The constraint is no longer generation alone. It is the grid.
Around 2,500 gigawatts of wind, solar and storage projects are already waiting in grid connection queues. Renewable projects can often be built faster than the networks needed to carry their output. Transmission and distribution systems require long planning cycles, permits, financing and construction. That mismatch is becoming one of the defining risks of the transition.
Without stronger grids, electrification could produce congestion, curtailment, reliability problems and higher costs. Clean power may exist on paper while failing to reach homes, factories, ports, charging stations and industrial sites.
IRENA estimates that annual global grid investment must rise from about USD 0.5 trillion in 2025 to around USD 1 trillion per year between 2026 and 2035. It then needs to reach USD 1.2 trillion per year between 2036 and 2050. Cumulative grid investment reaches USD 29 trillion by mid-century.
Storage faces a similar climb. Global installed storage capacity must grow from 416 gigawatts in 2025 to 2,530 gigawatts in 2035 and 6,859 gigawatts by 2050. Flexibility becomes a core operating principle. Daily flexibility needs rise from 7 percent of overall electricity demand in 2019 to around 13 percent in the near-term transition period and 30 percent by 2050.
The politics of the transition have shifted with this infrastructure reality. COP28 gave governments the language of “transitioning away from fossil fuels.” COP29 elevated storage and grids. COP30 has pushed the agenda toward implementation, sustainable fuels and delivery pathways. IRENA’s report connects those strands through electrification.
The report rejects a single global template. Advanced economies must replace fossil-based technologies across buildings, transport and industry. Emerging and developing economies face a wider task: expanding access, supporting industrialization, meeting urban demand and building modern infrastructure while reducing fossil fuel dependence.
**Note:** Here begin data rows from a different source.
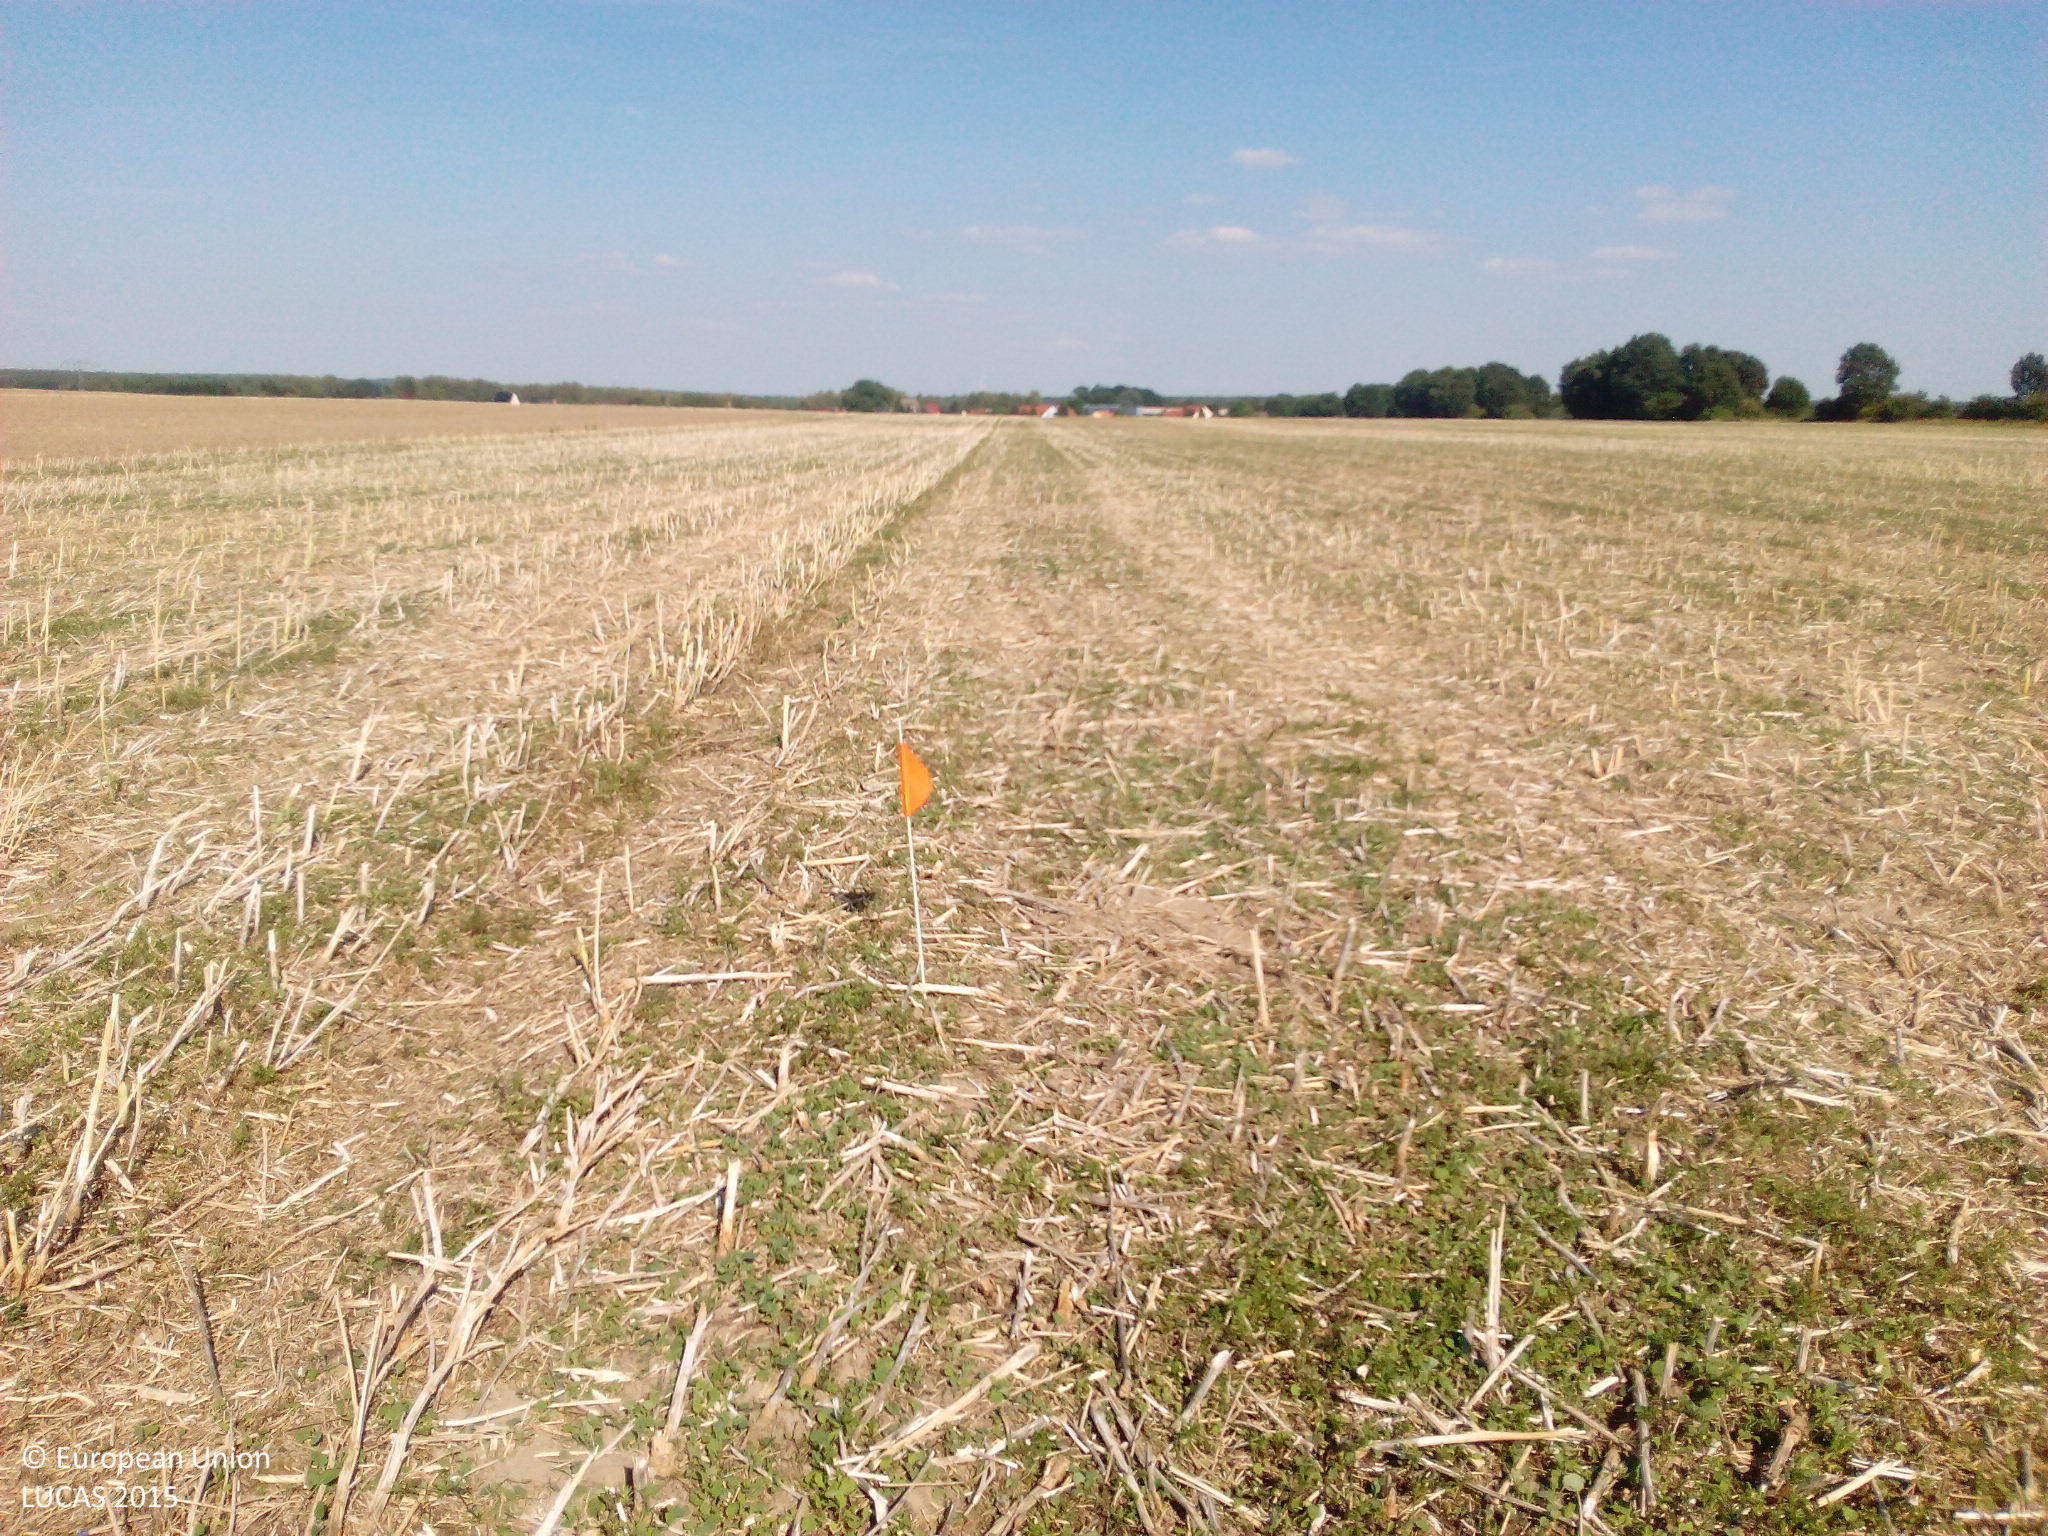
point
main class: Cropland
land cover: Rape and turnip rape
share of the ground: 10 - 25 %
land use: Agriculture (excluding fallow land and kitchen gardens)
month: August
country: DE
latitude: 51.9757
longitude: 13.1591
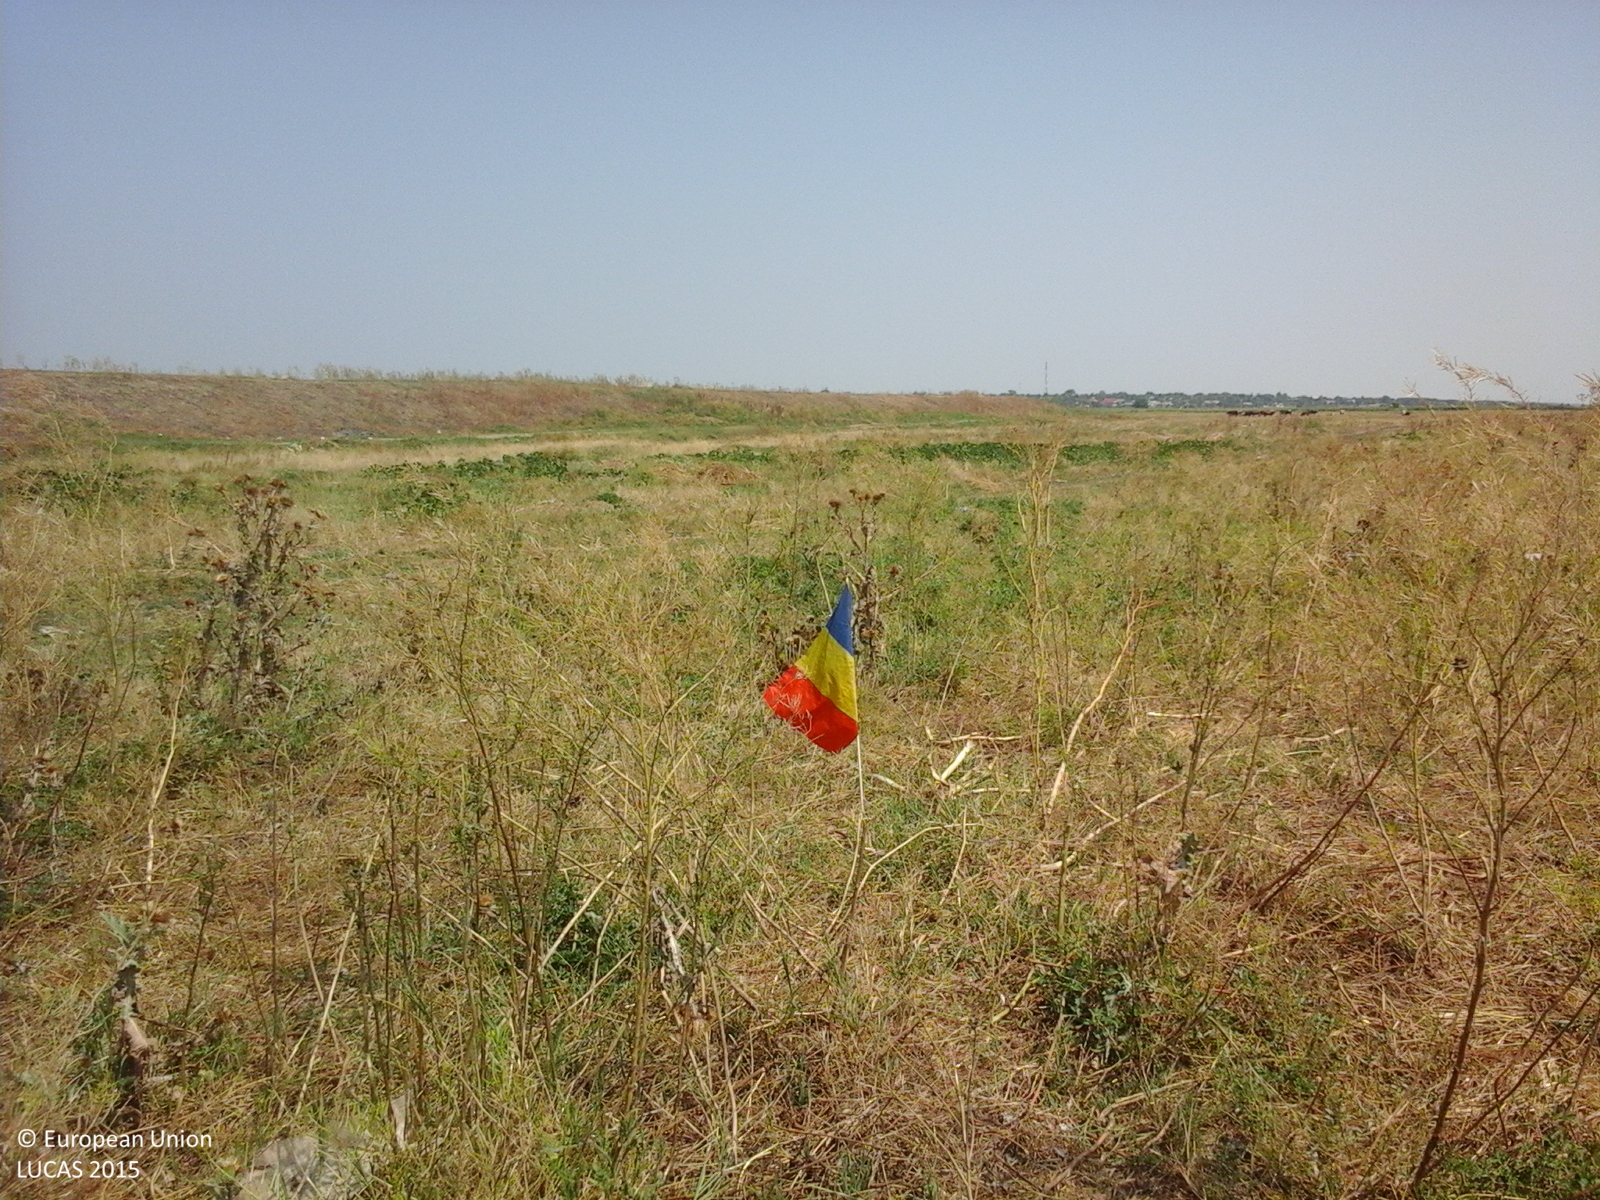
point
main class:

Regional pathways differ sharply. By 2050, electricity could supply around 64 percent of final energy consumption in the EU-27, roughly 50 percent in Africa and about 54 percent globally. These outcomes depend on income levels, grid readiness, resource endowments, investment capacity and policy design.
IRENA calls for global electrification and grid enhancement targets for 2035, supported by national and regional roadmaps. These targets would sit alongside existing goals to triple renewable capacity and double energy efficiency improvements by 2030. Their purpose is alignment: renewables, end-use electrification, grid expansion, storage, market design and finance need to move together.
The policy agenda is demanding. Governments need credible fossil fuel phase-down timelines, subsidy reform, clear price signals, faster permitting, modernized electricity markets, stronger skills systems, private finance, concessional capital and institutional coordination across energy, transport, industry, buildings, finance and planning authorities.
The transition has already proved that renewables can scale. The next test is whether electricity systems can carry that growth into the real economy.
IRENA’s conclusion is pragmatic. Electrification can cut fossil fuel demand, strengthen energy security, reduce emissions and support development. Yet clean electricity has limited value if it remains stranded behind weak grids, slow permits and underfunded infrastructure.
The energy transition is entering its infrastructure decade. The countries that move fastest will be those that connect renewables to demand, design flexibility into power systems and turn electrification into a practical route away from fossil fuels.